Sometimes this is editing-driven (I'm very, very fond of the "bullshit" sign on the shuttle); sometimes it's set decoration gags about the future (it anticipates the Rocky Large Number sequel joke from Spaceballs); sometimes it's the fourth-wall breaking Ted gets up to (a dangerous move in itself, but it works); sometimes it's taking the "literalized wordplay" gags to their ultimate, and it's a dude turning to jelly because someone said he'd turned to jelly.  (The "on instruments" cutaway is like 10% of Airplane!'s comedy, and possibly a full third of this one's.)

So, yeah: humor, subjectivity, I know.  But the vast majority of it's asthma-attack hilarious, and just as the energy begins to ebb we arrive in the environs of the lunar destination, where even the less-successful strains of comedy (the direct pop culture parody, in particular) begin succeeding pretty damned hard with comedy's greatest cameo courtesy William Shatner, introduced in a gag that does use a frame to tell it, and also with that "shh!" bit that zeroes in on just one specific silly element of Star Trek that's such a constant fixture on that show it's kind of amazing it could've possibly stuck in someone's craw, which is why it's so funny.  The post-credits promise Airplane III ("that's just what they'll be expecting us to do!") though it never happened, if it was ever actually seriously consideredI don't know how this could've been extended to a third entryand this is undoubtedly for the best.  What it leaves us with is a pair of perfect comedy jewels reflecting one another, and if I had to name, not my favorite franchise, but the franchise that I thought maintained the highest average quality, the fact of just these two comic masterpieces puts the Airplanes awfully high in the running.

Score: 10/10

*That I overlooked the original disaster film parody, 1976's The Big Bus, is just something I'm going to have to rectify sooner or later, so maybe this is only the final entry chronologically.

6 comments:

  1. Airplane II is absolutely freaking hysterical. This is the one I was most familiar with so the original Airplane always felt a little on the tame side for me.

    ReplyDelete
    Replies
    1. I really don't get how it's considered bad when the original is considered good. It's real sequel bigotry.

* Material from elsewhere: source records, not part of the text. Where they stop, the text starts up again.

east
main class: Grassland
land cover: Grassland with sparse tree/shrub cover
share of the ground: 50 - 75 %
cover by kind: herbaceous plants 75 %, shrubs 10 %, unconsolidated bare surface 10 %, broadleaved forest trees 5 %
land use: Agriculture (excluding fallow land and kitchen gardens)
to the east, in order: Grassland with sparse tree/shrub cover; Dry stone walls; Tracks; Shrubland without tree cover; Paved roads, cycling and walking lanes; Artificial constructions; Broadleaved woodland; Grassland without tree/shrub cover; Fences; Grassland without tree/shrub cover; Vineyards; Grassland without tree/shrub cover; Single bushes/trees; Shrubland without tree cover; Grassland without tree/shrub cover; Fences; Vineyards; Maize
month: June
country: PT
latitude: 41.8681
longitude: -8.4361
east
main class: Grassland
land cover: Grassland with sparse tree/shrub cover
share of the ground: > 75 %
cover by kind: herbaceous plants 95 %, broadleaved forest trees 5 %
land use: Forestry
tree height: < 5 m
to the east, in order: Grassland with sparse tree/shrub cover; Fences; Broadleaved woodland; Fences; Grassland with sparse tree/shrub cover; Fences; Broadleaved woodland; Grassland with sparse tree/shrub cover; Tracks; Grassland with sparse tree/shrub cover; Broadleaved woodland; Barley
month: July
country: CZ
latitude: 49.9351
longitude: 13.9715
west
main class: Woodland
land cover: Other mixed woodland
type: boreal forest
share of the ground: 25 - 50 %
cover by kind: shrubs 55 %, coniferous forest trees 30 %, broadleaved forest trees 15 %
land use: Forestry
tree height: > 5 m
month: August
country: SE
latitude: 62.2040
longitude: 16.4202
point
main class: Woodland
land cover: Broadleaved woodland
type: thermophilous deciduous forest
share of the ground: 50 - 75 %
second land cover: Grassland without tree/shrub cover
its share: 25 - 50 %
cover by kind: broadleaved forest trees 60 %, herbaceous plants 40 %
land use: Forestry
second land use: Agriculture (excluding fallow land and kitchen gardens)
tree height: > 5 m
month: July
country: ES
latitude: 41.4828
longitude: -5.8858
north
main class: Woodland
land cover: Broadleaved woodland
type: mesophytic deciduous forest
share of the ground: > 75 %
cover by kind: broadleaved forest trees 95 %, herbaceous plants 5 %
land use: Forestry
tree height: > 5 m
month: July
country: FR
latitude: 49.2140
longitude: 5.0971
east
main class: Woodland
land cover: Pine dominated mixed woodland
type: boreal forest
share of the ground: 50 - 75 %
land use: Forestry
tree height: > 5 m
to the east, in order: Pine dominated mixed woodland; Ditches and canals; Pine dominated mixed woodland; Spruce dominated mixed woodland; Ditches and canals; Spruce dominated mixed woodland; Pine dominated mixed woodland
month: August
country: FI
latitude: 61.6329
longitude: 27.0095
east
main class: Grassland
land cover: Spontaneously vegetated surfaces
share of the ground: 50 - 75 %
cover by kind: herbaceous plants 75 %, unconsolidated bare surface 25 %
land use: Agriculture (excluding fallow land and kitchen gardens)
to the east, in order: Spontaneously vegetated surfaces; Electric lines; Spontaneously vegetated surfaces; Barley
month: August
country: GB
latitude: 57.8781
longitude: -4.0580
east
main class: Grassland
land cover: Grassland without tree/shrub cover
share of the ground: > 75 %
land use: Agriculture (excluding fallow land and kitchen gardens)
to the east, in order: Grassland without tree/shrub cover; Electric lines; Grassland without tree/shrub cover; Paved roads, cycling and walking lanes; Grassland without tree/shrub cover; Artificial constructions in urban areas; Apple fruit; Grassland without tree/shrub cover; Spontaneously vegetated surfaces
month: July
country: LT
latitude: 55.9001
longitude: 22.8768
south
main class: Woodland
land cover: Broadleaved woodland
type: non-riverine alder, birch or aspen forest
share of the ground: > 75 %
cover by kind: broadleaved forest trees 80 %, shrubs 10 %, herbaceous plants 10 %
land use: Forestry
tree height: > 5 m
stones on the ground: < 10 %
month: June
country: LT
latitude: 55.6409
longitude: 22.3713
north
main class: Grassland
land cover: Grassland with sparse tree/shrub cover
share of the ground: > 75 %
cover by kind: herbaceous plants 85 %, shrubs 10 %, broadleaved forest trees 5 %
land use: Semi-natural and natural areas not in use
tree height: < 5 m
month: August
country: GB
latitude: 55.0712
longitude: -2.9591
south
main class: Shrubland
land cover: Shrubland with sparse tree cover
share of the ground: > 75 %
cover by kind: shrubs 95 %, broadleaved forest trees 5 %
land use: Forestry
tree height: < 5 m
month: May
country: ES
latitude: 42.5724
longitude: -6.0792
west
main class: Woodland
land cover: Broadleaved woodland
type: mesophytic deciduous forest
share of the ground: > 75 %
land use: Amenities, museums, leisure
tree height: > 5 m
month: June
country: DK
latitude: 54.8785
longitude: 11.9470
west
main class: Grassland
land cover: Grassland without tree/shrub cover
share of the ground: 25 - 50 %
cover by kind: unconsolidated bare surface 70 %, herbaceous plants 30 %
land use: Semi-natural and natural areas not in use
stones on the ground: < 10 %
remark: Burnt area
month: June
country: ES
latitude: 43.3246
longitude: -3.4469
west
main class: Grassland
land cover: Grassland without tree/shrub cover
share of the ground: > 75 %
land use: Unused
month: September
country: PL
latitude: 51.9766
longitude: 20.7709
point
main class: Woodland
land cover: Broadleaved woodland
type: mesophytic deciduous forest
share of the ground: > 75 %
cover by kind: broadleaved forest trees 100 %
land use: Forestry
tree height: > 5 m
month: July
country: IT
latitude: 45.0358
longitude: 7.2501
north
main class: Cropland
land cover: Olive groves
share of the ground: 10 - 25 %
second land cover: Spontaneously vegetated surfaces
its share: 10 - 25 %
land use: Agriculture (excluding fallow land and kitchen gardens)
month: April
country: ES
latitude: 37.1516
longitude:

      Not technically written/directed by them, but I may have to go on a ZAZ spree. Hell,maybe I'll watch Head Office. (Maybe I'll watch Grease 2 on something besides Pluto so a two hour movie doesn't become an endlessly-distracted three-hour purgatory with commercials.)

      Delete
  2. "I'm afraid Scraps is going to have to be shot."
    *BLAM*
    "Just kidding: blanks! Scraps is fine!"

    ReplyDelete
  3. I mean down here there are literally hundreds and thousands of blinking, beeping, and flashing lights. Blinking and beeping and flashing, they're flashing, and they're beeping I CAN'T STAND IT ANYMORE! THEY'RE BLINKING AND BEEPING AND FLASHING WHY DOESN'T SOMEBODY PULL THE PLUG! Alright, I'm alright...

    ReplyDelete
  4. One of my favorite bits turned out to have been a deleted scene only reinserted on TV airings: the budget airline that has passengers skydive off their flights, and one attendant nonchalantly pushes another out the door by mistake and never notices.

    ReplyDelete
    Replies
    1. Gosh, I think I remember this (or maybe I'm thinking of "Geronimo!"/"me!" in one or the other Hot Shots), but it's not on the blu-ray. TV cuts are such a weird, maybe frustrating phenomenon in that they're effectively lost media. Airport '77 had a nearly three hour broadcast cut, apparently.